索引节点对象（inode object）

存放具体文件的信息，每个索引节点都有一个索引节点号，这个节点号唯一地表示文件系统中的文件。在内核中的数据结构为 inode。
文件对象（file object）

存放打开文件域进程之间进行交互的有关信息，这类信息仅当进程访问文件期间存在内核内存中。在内核中的数据结构为 files_struct。
目录项对象（dentry object）

存放目录项（文件的特定名称）域对应文件进行链接的有关信息。在内核中的数据结构为 dentry。
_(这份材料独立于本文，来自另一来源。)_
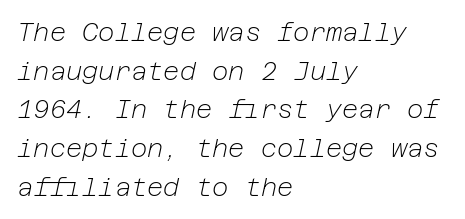
Q: Is the text bold? A: No.
Q: Is the text italic (slanted)? A: Yes, it leans right by about 12 degrees.
Q: Is the text underlined? A: No.
Q: How is the paragraph aligned? A: Left-aligned.
Q: Is the spacing between letters normal or unusually wide? A: Normal.
Q: Is the spacing between lines tight, normal or loose? A: Normal.
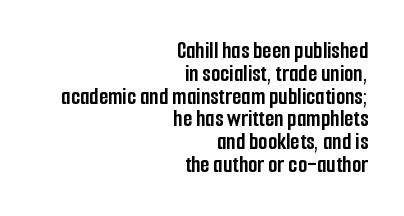
The image shows 24 px bold type, upright; set right-aligned, tight line spacing (0.95x), normal letter spacing, not underlined.
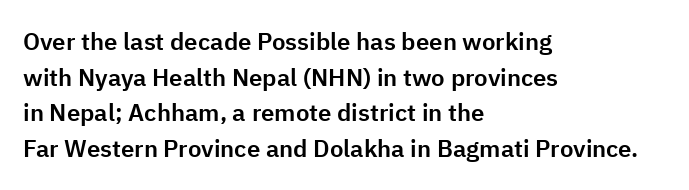
The lettering holds an erect, upright posture throughout. Inter-character spacing is left at the font's built-in metrics. The glyphs are unaccompanied by any horizontal stroke below them. Horizontal alignment here is leftward, the default for most running prose. Is there much room between lines? A standard amount, neither cramped nor airy.
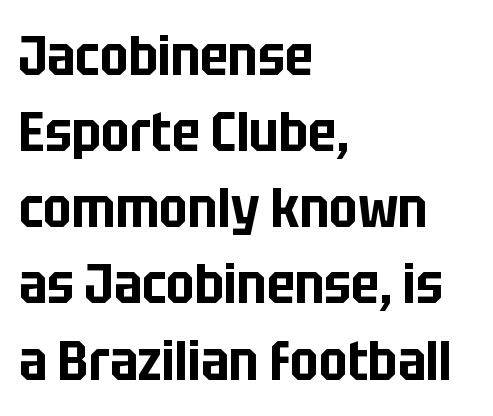
{"serif": "no", "italic": "no", "width": "condensed", "stroke_contrast": "low", "x_height": "large", "monospaced": "no", "underline": "no", "align": "left", "line_spacing": "normal", "line_spacing_ratio": 1.36, "letter_spacing": "normal", "letter_spacing_em": 0.0, "glyph_px": 56}
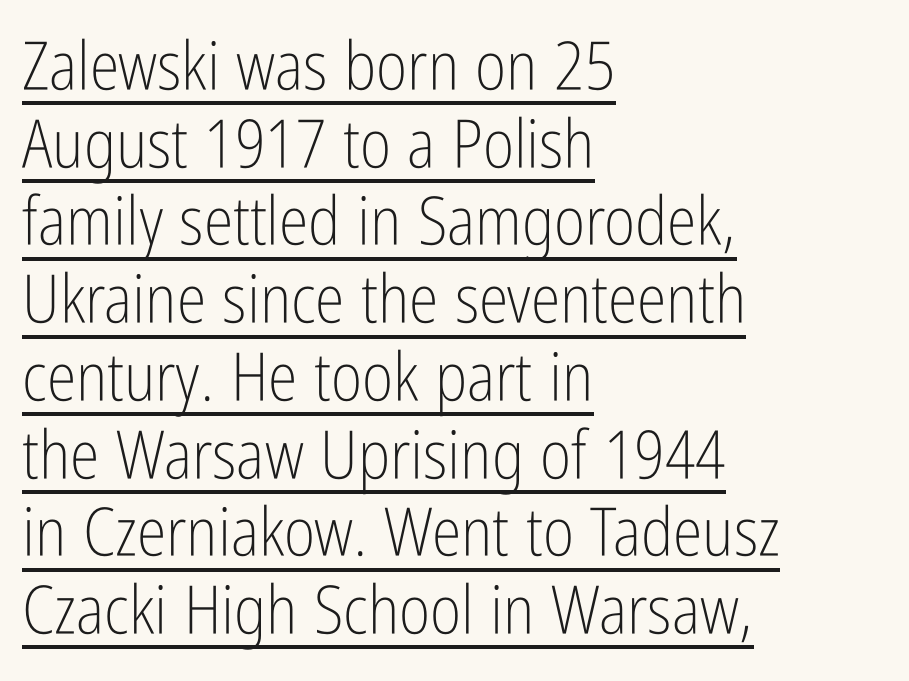
Q: Is the text bold? A: No.
Q: Is the text italic (slanted)? A: No, it is upright.
Q: Is the typeface a serif or a sans-serif typeface? A: Sans-serif.
Q: Is the text underlined? A: Yes.
Q: How is the paragraph aligned? A: Left-aligned.
Q: Is the spacing between letters normal or unusually wide? A: Normal.
Q: Width (condensed, normal, or wide)? A: Condensed.
Q: Stroke contrast? A: Low.
Q: x-height? A: Medium.
Q: Monospaced? A: No.
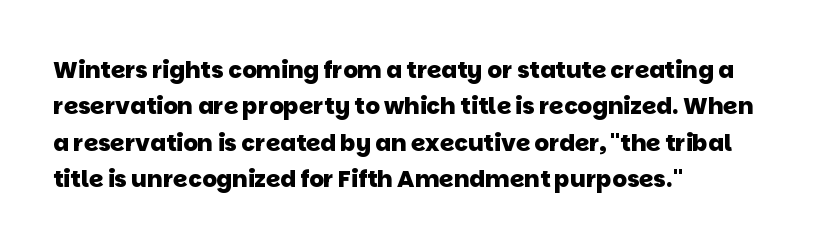
Q: Is the text bold? A: Yes.
Q: Is the text underlined? A: No.
Q: How is the paragraph aligned? A: Left-aligned.
Q: Is the spacing between letters normal or unusually wide? A: Normal.
Q: Is the spacing between lines tight, normal or loose? A: Normal.
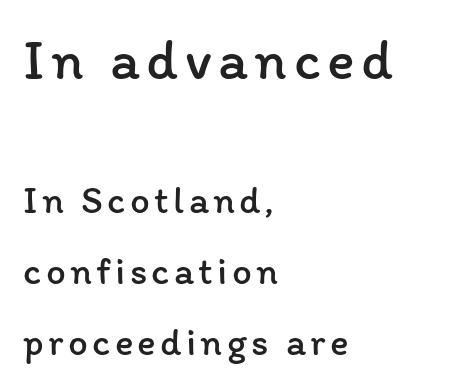
{"italic": "no", "bold": "no", "weight": "regular", "width": "normal", "stroke_contrast": "low", "x_height": "medium", "monospaced": "no", "underline": "no", "align": "left", "line_spacing_ratio": 1.82, "larger_block": "first", "size_ratio": 1.49, "glyph_px": 58}
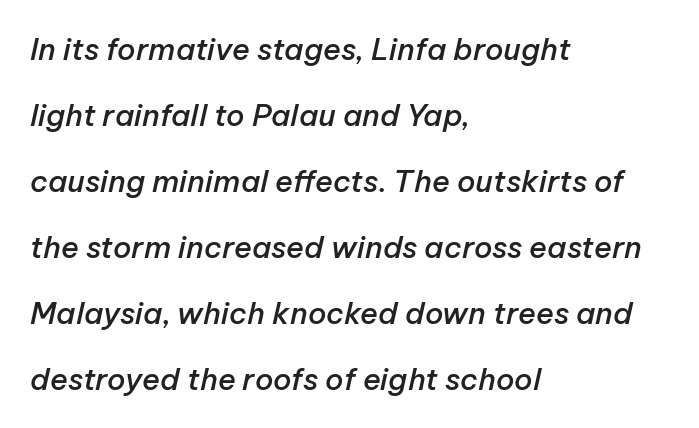
The image shows 30 px semibold type, italic (leaning right); set left-aligned, loose line spacing (2.2x), normal letter spacing, not underlined; low stroke contrast and a medium x-height.

下面我们看看进程怎样与文件进行交互。三个不同的进程已经打开同一个文件，其中两个进程使用同一个硬链接，这样每个进程都有自己的文件对象，但只需要两个目录项对象，每个硬链接对应一个目录项，这两个目录项指向同一个索引节点，该索引节点表示超级块以及随后的普通磁盘文件。

VFS 的数据结构

这节介绍 VFS 相关的数据结构及其关系。这些数据结构都是通过 slub 描述符分配内存空间。我们先看看整体的关系图。

super_block

struct super_block {
	struct list_head	s_list;		/* Keep this first */ // 所有文件系统的 sb 组成以
	dev_t			s_dev;		/* search index; _not_ kdev_t */ // 设备标识符
	unsigned char		s_blocksize_bits; // 以位为单位的块大小
	unsigned long		s_blocksize; // 以字节为单位的块大小
	loff_t			s_maxbytes;	/* Max file size */
	struct file_system_type	*s_type; // 文件系统的类型
	const struct super_operations	*s_op; // 超级块方法
	const struct dquot_operations	*dq_op; // 磁盘限额处理方法
	const struct quotactl_ops	*s_qcop; // 磁盘限额管理方法（？）
	const struct export_operations *s_export_op; // 网络文件系统使用的输出操作
	unsigned long		s_flags; // 安装标志
	unsigned long		s_iflags;	/* internal SB_I_* flags */
	unsigned long		s_magic; // 文件系统的魔数
	struct dentry		*s_root; // 文件系统根目录的目录项对象
	struct rw_semaphore	s_umount; // 卸载使用的信号量
	int			s_count; // 引用计数器
	atomic_t		s_active; // 此即引用计数器

    ...

	/*
	 * Keep s_fs_info, s_time_gran, s_fsnotify_mask, and
	 * s_fsnotify_marks together for cache efficiency. They are frequently
	 * accessed and rarely modified.
	 */
	void			*s_fs_info;	/* Filesystem private info */ // 指向特定文件系统的超级块信息的指针

	...

	char			s_id[32];	/* Informational name */
	uuid_t			s_uuid;		/* UUID */

	...

	const struct dentry_operations *s_d_op; /* default d_op for dentries */

	/*
	 * The list_lru structure is essentially just a pointer to a table
	 * of per-node lru lists, each of which has its own spinlock.
	 * There is no need to put them into separate cachelines.
	 */
	struct list_lru		s_dentry_lru;
	struct list_lru		s_inode_lru;
	struct rcu_head		rcu;
	struct work_struct	destroy_work;

	struct mutex		s_sync_lock;	/* sync serialisation lock */

	/*
	 * Indicates how deep in a filesystem stack this SB is
	 */
	int s_stack_depth;

	/* s_inode_list_lock protects s_inodes */
	spinlock_t		s_inode_list_lock ____cacheline_aligned_in_smp;
	struct list_head	s_inodes;	/* all inodes */ // 所有索引节点的链表

	spinlock_t		s_inode_wblist_lock;
	struct list_head	s_inodes_wb;	/* writeback inodes */
} __randomize_layout;

s_fs_info 成员变量指向特定文件系统的超级块信息，如果使用的实际文件系统是 Ext2，那么 s_fs_info 指向 ext2_sb_info，该结构包含磁盘分配位掩码和其他与 VFS 通用文件模型无关的数据。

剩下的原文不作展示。